• **Task to carry out**
Find every line in the records below that contains "grey", and copy it.

(Data for this task Opens)

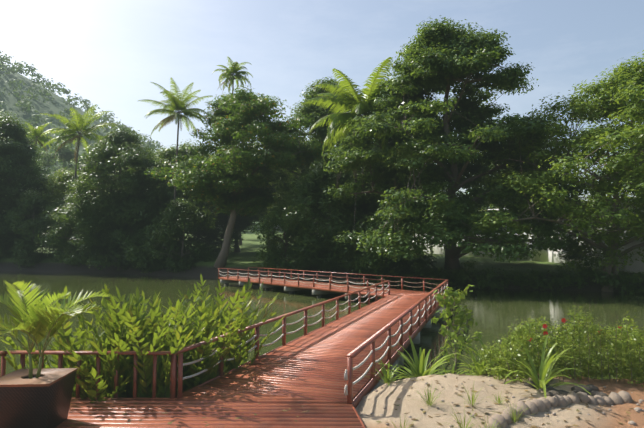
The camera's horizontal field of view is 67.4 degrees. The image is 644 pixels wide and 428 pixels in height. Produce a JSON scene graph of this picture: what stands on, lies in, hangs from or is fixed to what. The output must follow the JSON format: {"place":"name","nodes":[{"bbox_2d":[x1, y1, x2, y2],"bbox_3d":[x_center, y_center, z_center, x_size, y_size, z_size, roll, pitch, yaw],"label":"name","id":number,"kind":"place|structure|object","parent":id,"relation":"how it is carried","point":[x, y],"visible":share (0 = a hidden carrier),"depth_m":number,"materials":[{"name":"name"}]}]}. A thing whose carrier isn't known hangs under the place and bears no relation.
{"place":"outdoors","nodes":[
{"label":"outdoors","id":0,"kind":"place"},
{"bbox_2d":[0,66,643,427],"bbox_3d":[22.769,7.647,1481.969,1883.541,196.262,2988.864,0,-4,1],"label":"terrain","id":1,"kind":"structure","parent":0,"point":[380,398],"depth_m":11.08,"materials":[{"name":"beige sand"}]},
{"bbox_2d":[0,196,38,257],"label":"thicket tree","id":2,"kind":"object","parent":1,"relation":"on","point":[11,248],"depth_m":78.19,"materials":[{"name":"green plant"}]},
{"bbox_2d":[3,188,53,269],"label":"thicket tree","id":3,"kind":"object","parent":1,"relation":"on","point":[24,245],"depth_m":75.17,"materials":[{"name":"green plant"}]},
{"bbox_2d":[0,111,63,253],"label":"tree","id":4,"kind":"object","parent":1,"relation":"on","point":[17,143],"depth_m":79.62,"materials":[{"name":"green plant"}]},
{"bbox_2d":[25,122,58,196],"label":"palm","id":5,"kind":"object","parent":1,"relation":"on","point":[38,133],"depth_m":96.89,"materials":[{"name":"green plant"}]},
{"bbox_2d":[33,198,74,261],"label":"thicket tree","id":6,"kind":"object","parent":1,"relation":"on","point":[55,204],"depth_m":74.65,"materials":[{"name":"green plant"}]},
{"bbox_2d":[35,140,82,190],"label":"tree","id":7,"kind":"object","parent":1,"relation":"on","point":[69,154],"depth_m":193.50,"materials":[{"name":"green plant"}]},
{"bbox_2d":[28,167,99,250],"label":"tree","id":8,"kind":"object","parent":1,"relation":"on","point":[58,184],"depth_m":81.08,"materials":[{"name":"green plant"}]},
{"bbox_2d":[46,190,102,266],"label":"thicket tree","id":9,"kind":"object","parent":1,"relation":"on","point":[67,236],"depth_m":71.23,"materials":[{"name":"green plant"}]},
{"bbox_2d":[40,104,118,253],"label":"palm","id":10,"kind":"object","parent":1,"relation":"on","point":[79,126],"depth_m":74.87,"materials":[{"name":"green plant"}]},
{"bbox_2d":[54,135,80,162],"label":"dead palm fronds","id":11,"kind":"object","parent":10,"relation":"attached to","point":[73,139],"visible":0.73,"depth_m":74.18,"materials":[{"name":"green plant"}]},
{"bbox_2d":[0,50,162,186],"bbox_3d":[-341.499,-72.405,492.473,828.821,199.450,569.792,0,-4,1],"label":"forested hill","id":12,"kind":"structure","parent":1,"relation":"on","point":[27,107],"depth_m":384.29,"materials":[{"name":"green plant"}]},
{"bbox_2d":[70,156,118,191],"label":"tree","id":13,"kind":"object","parent":1,"relation":"on","point":[84,165],"visible":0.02,"depth_m":176.51,"materials":[{"name":"green plant"}]},
{"bbox_2d":[37,125,172,269],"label":"tree","id":14,"kind":"object","parent":1,"relation":"on","point":[117,143],"depth_m":67.22,"materials":[{"name":"green plant"}]},
{"bbox_2d":[87,153,166,200],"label":"tree","id":15,"kind":"object","parent":1,"relation":"on","point":[132,170],"depth_m":86.04,"materials":[{"name":"green plant"}]},
{"bbox_2d":[114,224,188,272],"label":"thicket tree","id":16,"kind":"object","parent":1,"relation":"on","point":[145,264],"depth_m":64.61,"materials":[{"name":"green plant"}]},
{"bbox_2d":[125,182,206,261],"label":"thicket tree","id":17,"kind":"object","parent":1,"relation":"on","point":[159,192],"depth_m":67.29,"materials":[{"name":"green plant"}]},
{"bbox_2d":[139,77,212,252],"bbox_3d":[-19.520,-5.414,64.755,9.026,24.530,9.199,0,-4,1],"label":"palm","id":18,"kind":"object","parent":1,"relation":"on","point":[170,109],"depth_m":65.00,"materials":[{"name":"green plant"}]},
{"bbox_2d":[156,115,182,130],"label":"dead palm fronds","id":19,"kind":"object","parent":18,"relation":"attached to","point":[167,120],"visible":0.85,"depth_m":64.18,"materials":[{"name":"beige plant"}]},
{"bbox_2d":[131,140,225,250],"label":"tree","id":20,"kind":"object","parent":1,"relation":"on","point":[165,156],"depth_m":72.89,"materials":[{"name":"green plant"}]},
{"bbox_2d":[141,197,218,272],"bbox_3d":[-18.367,2.904,63.566,10.055,10.520,8.012,0,-4,1],"label":"thicket tree","id":21,"kind":"object","parent":1,"relation":"on","point":[182,210],"depth_m":62.57,"materials":[{"name":"green plant"}]},
{"bbox_2d":[184,217,243,254],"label":"thicket tree","id":22,"kind":"object","parent":1,"relation":"on","point":[211,235],"depth_m":76.43,"materials":[{"name":"green plant"}]},
{"bbox_2d":[0,267,447,427],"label":"railing","id":23,"kind":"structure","parent":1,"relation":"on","point":[372,383],"depth_m":11.90,"materials":[{"name":"red wood"}]},
{"bbox_2d":[170,271,447,395],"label":"boardwalk ropes","id":24,"kind":"object","parent":23,"relation":"on","point":[345,373],"visible":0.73,"depth_m":14.32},
{"bbox_2d":[249,270,446,288],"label":"old boardwalk ropes","id":25,"kind":"object","parent":23,"relation":"attached to","point":[357,282],"visible":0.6,"depth_m":36.91,"materials":[{"name":"white"}]},
{"bbox_2d":[212,57,252,255],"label":"palm","id":26,"kind":"object","parent":1,"relation":"on","point":[236,69],"depth_m":77.33,"materials":[{"name":"green plant"}]},
{"bbox_2d":[195,145,280,251],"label":"tree","id":27,"kind":"object","parent":1,"relation":"on","point":[243,223],"depth_m":81.53,"materials":[{"name":"green plant"}]},
{"bbox_2d":[144,85,333,268],"bbox_3d":[-10.204,-4.402,60.809,23.505,22.755,18.707,0,-4,1],"label":"almond tree","id":28,"kind":"object","parent":1,"relation":"on","point":[232,114],"depth_m":58.17,"materials":[{"name":"green plant"}]},
{"bbox_2d":[239,134,311,254],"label":"tree","id":29,"kind":"object","parent":1,"relation":"on","point":[262,212],"depth_m":75.95,"materials":[{"name":"green plant"}]},
{"bbox_2d":[250,200,316,277],"bbox_3d":[-4.273,3.303,56.086,8.339,9.758,9.238,0,-4,1],"label":"thicket tree","id":30,"kind":"object","parent":1,"relation":"on","point":[269,261],"depth_m":54.79,"materials":[{"name":"green plant"}]},
{"bbox_2d":[256,76,384,222],"bbox_3d":[-0.085,-6.238,66.389,18.978,25.198,16.345,0,-4,1],"label":"tree","id":31,"kind":"object","parent":1,"relation":"on","point":[315,112],"depth_m":64.46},
{"bbox_2d":[280,160,372,272],"bbox_3d":[1.349,0.566,54.910,12.638,13.661,14.087,0,-4,1],"label":"bank bush","id":32,"kind":"object","parent":1,"relation":"on","point":[307,189],"depth_m":52.13,"materials":[{"name":"green plant"}]},
{"bbox_2d":[220,279,445,390],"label":"bridge supports","id":33,"kind":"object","parent":1,"relation":"on","point":[416,339],"depth_m":33.54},
{"bbox_2d":[353,298,443,405],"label":"boardwalk joists","id":34,"kind":"object","parent":33,"relation":"on","point":[385,362],"visible":0.03,"depth_m":12.21,"materials":[{"name":"brown wood"}]},
{"bbox_2d":[55,276,443,427],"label":"boardwalk deck boards","id":35,"kind":"object","parent":34,"relation":"on","point":[294,376],"visible":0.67,"depth_m":10.07,"materials":[{"name":"red wood"}]},
{"bbox_2d":[0,371,75,427],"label":"planter","id":36,"kind":"object","parent":35,"relation":"on","point":[36,407],"visible":0.8,"depth_m":7.61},
{"bbox_2d":[0,368,77,386],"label":"planter soil","id":37,"kind":"structure","parent":36,"relation":"on","point":[51,376],"depth_m":7.98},
{"bbox_2d":[0,280,109,378],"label":"potted palm","id":38,"kind":"object","parent":37,"relation":"in","point":[35,320],"depth_m":7.97,"materials":[{"name":"green plant"}]},
{"bbox_2d":[79,310,388,427],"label":"fallen leaves","id":39,"kind":"object","parent":35,"relation":"on","point":[129,420],"visible":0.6,"depth_m":8.61,"materials":[{"name":"brown plant"}]},
{"bbox_2d":[302,57,408,226],"bbox_3d":[5.087,-5.345,54.634,14.400,22.712,12.271,0,-4,1],"label":"palm","id":40,"kind":"object","parent":1,"relation":"on","point":[337,126],"depth_m":53.19,"materials":[{"name":"green plant"}]},
{"bbox_2d":[349,123,382,151],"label":"dead palm fronds","id":41,"kind":"object","parent":40,"relation":"attached to","point":[360,139],"visible":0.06,"depth_m":56.08,"materials":[{"name":"plant"}]},
{"bbox_2d":[334,207,436,285],"bbox_3d":[6.391,3.912,48.806,10.422,9.360,10.482,0,-4,1],"label":"thicket tree","id":42,"kind":"object","parent":1,"relation":"on","point":[372,264],"depth_m":47.91,"materials":[{"name":"green plant"}]},
{"bbox_2d":[339,139,436,246],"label":"tree","id":43,"kind":"object","parent":1,"relation":"on","point":[375,148],"depth_m":67.49,"materials":[{"name":"green plant"}]},
{"bbox_2d":[366,360,412,385],"bbox_3d":[1.509,3.619,11.076,1.126,0.568,0.960,0,-4,1],"label":"grassy plant","id":44,"kind":"object","parent":1,"relation":"on","point":[388,378],"visible":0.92,"depth_m":11.16,"materials":[{"name":"green plant"}]},
{"bbox_2d":[381,412,418,427],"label":"grass tuft","id":45,"kind":"object","parent":1,"relation":"on","point":[404,423],"visible":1,"depth_m":7.94,"materials":[{"name":"green plant"}]},
{"bbox_2d":[378,335,458,378],"bbox_3d":[2.306,3.711,11.876,2.153,1.216,2.240,0,-4,1],"label":"grassy plant","id":46,"kind":"object","parent":1,"relation":"on","point":[418,367],"visible":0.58,"depth_m":11.96,"materials":[{"name":"green plant"}]},
{"bbox_2d":[408,382,444,405],"bbox_3d":[1.992,3.413,9.195,0.812,0.458,0.788,0,-4,1],"label":"grass tuft","id":47,"kind":"object","parent":1,"relation":"on","point":[429,395],"visible":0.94,"depth_m":9.22,"materials":[{"name":"green plant"}]},
{"bbox_2d":[434,362,467,373],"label":"grass tuft","id":48,"kind":"object","parent":1,"relation":"on","point":[453,370],"visible":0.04,"depth_m":12.50,"materials":[{"name":"green plant"}]},
{"bbox_2d":[431,284,482,373],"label":"mangrove sapling","id":49,"kind":"object","parent":1,"relation":"on","point":[457,318],"depth_m":13.25,"materials":[{"name":"green plant"}]},
{"bbox_2d":[438,401,479,427],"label":"grass tuft","id":50,"kind":"object","parent":1,"relation":"on","point":[464,421],"visible":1,"depth_m":8.32,"materials":[{"name":"green plant"}]},
{"bbox_2d":[321,15,598,269],"bbox_3d":[13.181,-6.812,49.779,26.484,25.407,28.675,0,-4,1],"label":"tree","id":51,"kind":"object","parent":1,"relation":"on","point":[437,43],"depth_m":45.41,"materials":[{"name":"green plant"}]},
{"bbox_2d":[460,385,490,405],"bbox_3d":[2.846,3.430,9.143,0.742,0.444,0.863,2,-5,-32],"label":"grass tuft","id":52,"kind":"object","parent":1,"relation":"on","point":[473,396],"visible":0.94,"depth_m":9.22,"materials":[{"name":"green plant"}]},
{"bbox_2d":[450,348,503,375],"bbox_3d":[3.806,3.636,11.947,1.391,0.749,1.679,0,-4,1],"label":"grassy plant","id":53,"kind":"object","parent":1,"relation":"on","point":[479,368],"visible":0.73,"depth_m":11.86,"materials":[{"name":"green plant"}]},
{"bbox_2d":[474,414,505,427],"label":"grass tuft","id":54,"kind":"object","parent":1,"relation":"on","point":[489,426],"visible":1,"depth_m":8.14,"materials":[{"name":"green plant"}]},
{"bbox_2d":[456,332,531,381],"bbox_3d":[4.368,3.710,11.986,2.384,1.451,2.047,2,-5,-33],"label":"grassy plant","id":55,"kind":"object","parent":1,"relation":"on","point":[476,352],"visible":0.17,"depth_m":12.15,"materials":[{"name":"green plant"}]},
{"bbox_2d":[487,391,507,403],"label":"grass tuft","id":56,"kind":"object","parent":1,"relation":"on","point":[498,401],"visible":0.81,"depth_m":9.42,"materials":[{"name":"green plant"}]},
{"bbox_2d":[368,374,643,427],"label":"fallen leaves","id":57,"kind":"object","parent":1,"relation":"on","point":[577,410],"visible":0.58,"depth_m":9.30,"materials":[{"name":"brown plant"}]},
{"bbox_2d":[491,396,531,423],"bbox_3d":[3.354,3.503,8.667,0.862,0.434,0.795,0,-4,1],"label":"grass tuft","id":58,"kind":"object","parent":1,"relation":"on","point":[514,419],"visible":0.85,"depth_m":8.56,"materials":[{"name":"green plant"}]},
{"bbox_2d":[392,258,643,293],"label":"bank foliage","id":59,"kind":"object","parent":1,"relation":"on","point":[458,277],"visible":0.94,"depth_m":42.58,"materials":[{"name":"green plant"}]},
{"bbox_2d":[467,153,569,209],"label":"tree","id":60,"kind":"object","parent":1,"relation":"on","point":[491,207],"depth_m":79.04,"materials":[{"name":"green plant"}]},
{"bbox_2d":[410,196,643,261],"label":"house walls","id":61,"kind":"structure","parent":1,"relation":"on","point":[543,257],"depth_m":60.48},
{"bbox_2d":[481,335,590,397],"bbox_3d":[4.585,3.267,10.330,2.217,1.052,2.058,0,-4,1],"label":"crinum","id":62,"kind":"object","parent":1,"relation":"on","point":[546,371],"visible":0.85,"depth_m":10.46,"materials":[{"name":"green plant"}]},
{"bbox_2d":[467,50,643,291],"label":"tree","id":63,"kind":"object","parent":1,"relation":"on","point":[627,92],"depth_m":38.98,"materials":[{"name":"green plant"}]},
{"bbox_2d":[467,304,643,386],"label":"hedge","id":64,"kind":"object","parent":1,"relation":"on","point":[621,347],"depth_m":11.33,"materials":[{"name":"green plant"}]},
{"bbox_2d":[527,318,621,341],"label":"red flowers","id":65,"kind":"object","parent":64,"relation":"attached to","point":[545,326],"visible":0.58,"depth_m":11.62,"materials":[{"name":"red plant"}]},
{"bbox_2d":[482,391,632,427],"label":"stone edging","id":66,"kind":"object","parent":1,"relation":"on","point":[536,406],"visible":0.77,"depth_m":9.37,"materials":[{"name":"grey stone"}]},
{"bbox_2d":[524,381,608,402],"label":"rocks","id":67,"kind":"object","parent":1,"relation":"on","point":[593,390],"visible":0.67,"depth_m":10.30,"materials":[{"name":"grey stone"}]},
{"bbox_2d":[516,117,643,285],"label":"tree","id":68,"kind":"object","parent":1,"relation":"on","point":[581,249],"depth_m":40.89,"materials":[{"name":"green plant"}]},
{"bbox_2d":[548,237,643,272],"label":"building","id":69,"kind":"structure","parent":1,"relation":"on","point":[636,266],"depth_m":45.12,"materials":[{"name":"white paint"}]},
{"bbox_2d":[585,123,642,199],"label":"tree","id":70,"kind":"object","parent":1,"relation":"on","point":[604,174],"depth_m":69.04,"materials":[{"name":"green plant"}]},
{"bbox_2d":[0,271,643,390],"bbox_3d":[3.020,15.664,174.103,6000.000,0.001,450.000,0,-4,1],"label":"lagoon water","id":71,"kind":"structure","parent":0,"point":[503,308],"depth_m":31.29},
{"bbox_2d":[0,274,283,402],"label":"fern shrubs","id":72,"kind":"object","parent":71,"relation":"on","point":[123,367],"depth_m":10.49,"materials":[{"name":"green plant"}]},
{"bbox_2d":[224,283,420,348],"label":"bridge supports","id":73,"kind":"object","parent":71,"relation":"in","point":[290,292],"visible":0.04,"depth_m":37.87,"materials":[{"name":"concrete"}]},
{"bbox_2d":[0,0,643,207],"label":"sky","id":74,"kind":"structure","parent":0,"point":[108,53],"materials":[{"name":"blue"}]}
]}

(Data for this task Closes)

• **Response to the exercise**
{"bbox_2d":[482,391,632,427],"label":"stone edging","id":66,"kind":"object","parent":1,"relation":"on","point":[536,406],"visible":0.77,"depth_m":9.37,"materials":[{"name":"grey stone"}]},
{"bbox_2d":[524,381,608,402],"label":"rocks","id":67,"kind":"object","parent":1,"relation":"on","point":[593,390],"visible":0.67,"depth_m":10.30,"materials":[{"name":"grey stone"}]},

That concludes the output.